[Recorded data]

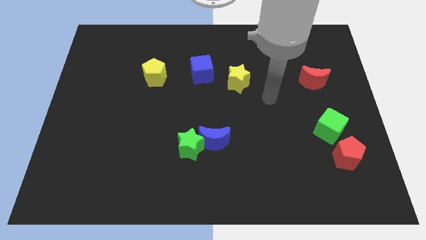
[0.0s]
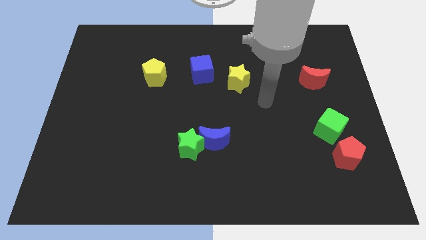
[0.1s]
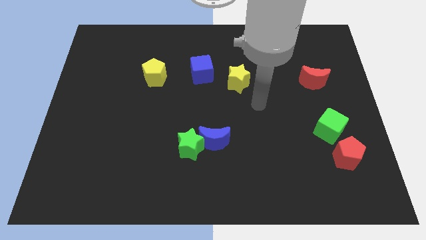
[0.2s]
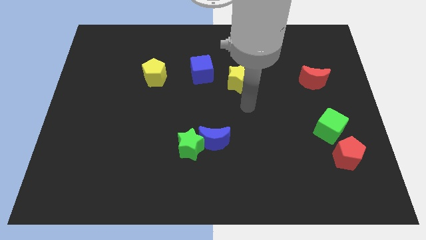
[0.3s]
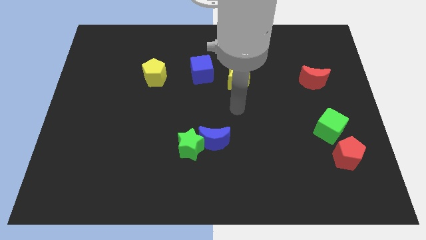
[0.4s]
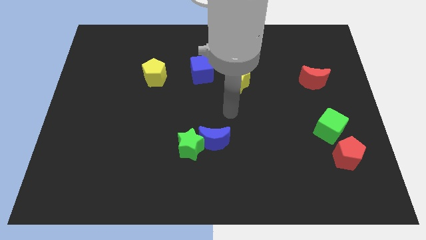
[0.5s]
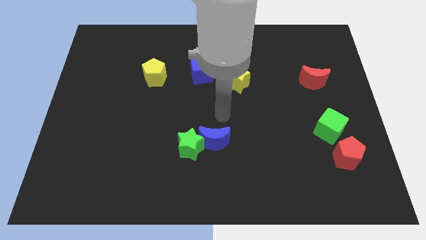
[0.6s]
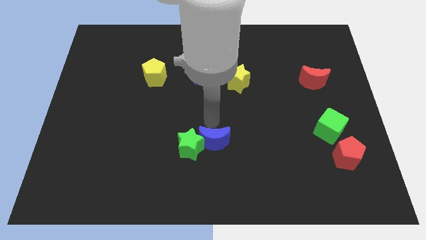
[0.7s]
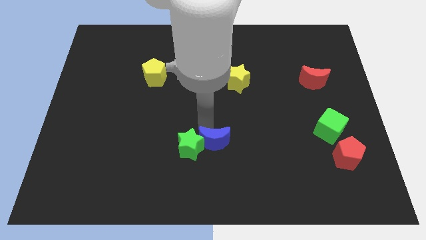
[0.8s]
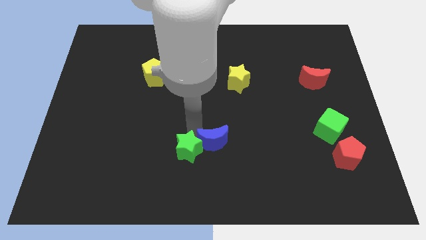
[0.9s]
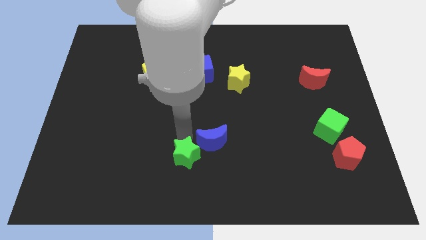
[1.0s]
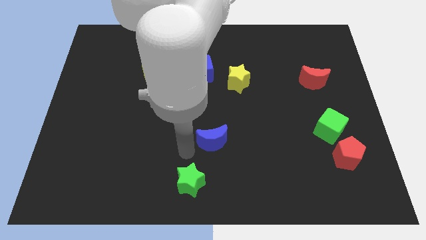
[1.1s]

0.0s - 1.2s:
separate the blue moon from the green star

- [WHAT IS NEEDED]:
The records above are to be restated word for word, excluding all pictures.

- [EXERCISE ANSWER]:
[0.0s]
[0.1s]
[0.2s]
[0.3s]
[0.4s]
[0.5s]
[0.6s]
[0.7s]
[0.8s]
[0.9s]
[1.0s]
[1.1s]

0.0s - 1.2s:
separate the blue moon from the green star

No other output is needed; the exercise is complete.